The role of academic journals in adjudicating on fiercely disputed territorial claims in the South China Sea has come under scrutiny as Chinese scholars use maps endorsing China’s position.
Papers by Chinese researchers, often co-authored with Western collaborators, have been illustrated with maps that include the “nine-dash line” – a U-shaped borderline stretching south from China and Taiwan to Borneo. It envelopes islands and reefs claimed by Brunei, Malaysia, the Philippines, Taiwan and Vietnam, including Scarborough Shoal and the Spratly Islands.
An international tribunal convened in The Hague in 2016 under the United Nations Convention on the Law of the Sea ruled against the line. China disputes the ruling.
Clive Hamilton, professor of public ethics at Charles Sturt University in Canberra, claimed that the issue echoed moves in 2017 by Springer Nature and Cambridge University Press to appease China by removing politically sensitive articles from their Chinese websites.
“Here’s another example of Beijing asserting its claims through international scientific journals,” said Professor Hamilton, a high-profile critic of Chinese foreign policy.
“A very big, economically powerful authoritarian power [is] engaged in a political struggle over territory, and wants the international scientific community to in effect endorse its claim by publishing maps that have no validity under international law.”
He said Chinese researchers “would undoubtedly suffer if they were authors of an article in an international journal that included the South China Sea but did not show the nine-dash line”.
However, one influential journal said that it was “not unusual” for scientific publishers to remain neutral on jurisdictional claims, while a China expert warned of the difficulty of requiring peer reviewers to be aware of and enforce geopolitical issues.
Times Higher Education has found nine-dash line representations in nine journal articles by Chinese researchers. Most have been published since early last year, and none is about maritime issues. The papers’ subject matter includes bamboo, butterflies and Tibetan vegetation. Five boast co-authors from Australia, Germany, Scotland, Singapore and the US.

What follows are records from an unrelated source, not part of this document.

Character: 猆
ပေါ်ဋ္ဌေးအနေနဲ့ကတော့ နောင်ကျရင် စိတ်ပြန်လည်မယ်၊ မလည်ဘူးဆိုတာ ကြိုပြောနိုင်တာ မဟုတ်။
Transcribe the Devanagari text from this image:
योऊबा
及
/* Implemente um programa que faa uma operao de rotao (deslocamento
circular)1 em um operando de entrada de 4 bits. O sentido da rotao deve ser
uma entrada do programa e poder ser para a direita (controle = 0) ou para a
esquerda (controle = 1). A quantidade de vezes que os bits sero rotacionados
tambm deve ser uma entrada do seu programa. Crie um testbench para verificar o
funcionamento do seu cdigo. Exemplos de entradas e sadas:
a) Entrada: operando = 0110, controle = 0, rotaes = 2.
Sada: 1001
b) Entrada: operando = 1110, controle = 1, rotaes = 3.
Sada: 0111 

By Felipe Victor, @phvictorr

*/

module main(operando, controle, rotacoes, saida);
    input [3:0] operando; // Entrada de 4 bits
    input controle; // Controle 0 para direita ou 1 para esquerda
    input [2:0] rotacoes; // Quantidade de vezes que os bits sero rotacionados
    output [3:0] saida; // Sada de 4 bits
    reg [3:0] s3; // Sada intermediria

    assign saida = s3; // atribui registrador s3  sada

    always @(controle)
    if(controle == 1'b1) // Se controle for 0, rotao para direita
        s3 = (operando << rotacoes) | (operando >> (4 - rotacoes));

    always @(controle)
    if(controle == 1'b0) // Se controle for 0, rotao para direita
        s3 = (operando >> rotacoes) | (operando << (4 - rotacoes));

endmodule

An Australian geneticist based in Japan said maps depicting Chinese ownership of South China Sea islands appeared in about half the Chinese-authored papers he came across. Their frequency was increasing, the scientist continued, and they now appeared in high-ranking international journals as well as in smaller publications favoured by Chinese authors.

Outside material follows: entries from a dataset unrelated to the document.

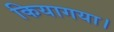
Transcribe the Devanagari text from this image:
कियागया।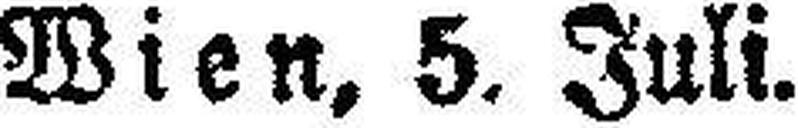
Wien, 5. Juli.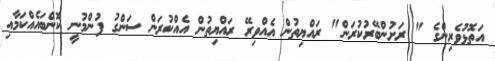
އަތޮޅުވެރިންގެ " ރަށުންބޭރުކުރަން" ރައްޔިތުން އެއްވިރޭ ރައްޔިތުން އެއްކުރަން ސަންގު ފުންމުނީ ކޮންބައެއްކަމާއި

The researcher, who asked not to be named, said he had objected to such a map’s inclusion in a forthcoming paper he wrote with Chinese collaborators. “I was told that they cannot do anything because it is a requirement of the Chinese Communist Party. They are provided with official maps that they have to use.

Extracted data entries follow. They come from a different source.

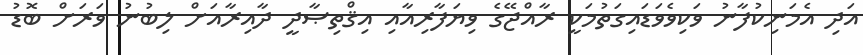
އަދި އެމަނިކުފާނު ވަކިވެވަޑައިގަތުމަކީ ރާއްޖޭގެ ވިޔަފާރިއާއި އިޤްތިޞާދީ ދާއިރާއަށް ލިބުނު ވަރަށް ބޮޑު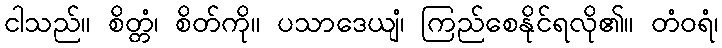
ငါသည်။ စိတ္တံ၊ စိတ်ကို။ ပသာဒေယျံ၊ ကြည်စေနိုင်ရလို၏။ တံဝရံ၊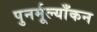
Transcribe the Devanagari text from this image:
पुनर्मूल्याँकन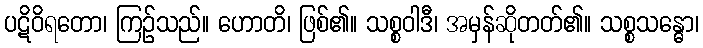
ပဋိဝိရတော၊ ကြဉ်သည်။ ဟောတိ၊ ဖြစ်၏။ သစ္စဝါဒီ၊ အမှန်ဆိုတတ်၏။ သစ္စသန္ဓော၊

“Most [foreign co-authors] choose to ignore it, perhaps because they think it is not worth the trouble to say anything. Journals do not give guidelines on how to deal with the issue when reviewing papers.”
THE sought comment from the journals Cells, Diversity and Distributions, Molecular Ecology, New Phytologist and Plos One. The last was the only one to respond, saying that a policy introduced last year required territorial descriptions in submitted manuscripts to “follow international treaties and conventions”.
“Otherwise, Plos remains neutral on any jurisdictional claims expressed,” it added. “This policy is not unusual in scientific publishing.”
Professor Hamilton said journals that failed to enforce such policies “implicitly endorsed a claim that violated the rights of poor Filipino fishermen. My guess is editors have probably not had it drawn to their attention,” he added.
University of Melbourne entomologist Nancy Endersby co-authored a 2019 Cells paper that contains representations of the nine-dash line. “If I had been aware of this inclusion and its significance, I would not have allowed my name to be on the paper,” she said. “I focused on the molecular aspect of the paper and trusted [the] map was accurate.”
Co-author Ary Hoffman said: “Now that we’re aware of it, we’ll certainly look for it in any future collaborative efforts. As biologists, it is not something that was on our radar.”
James Laurenceson, head of the Australia-China Relations Institute at the University of Technology Sydney, supported Professor Hamilton in raising the issue. He said Chinese academics were likely to assume that Beijing would “look approvingly” on their reproduction of the nine-dash line.
“But I wouldn’t necessarily take it as evidence that they’ve been directed to do so,” he said. “I’m not sure the Chinese bureaucracy is that organised.”
Professor Laurenceson said peer review had failed to pick up the offending maps. “Finding peer reviewers of journals is tough enough already,” he said. “If we insist that they’re also aware of geopolitical issues, many academics are just not going to have the time to be abreast of it.”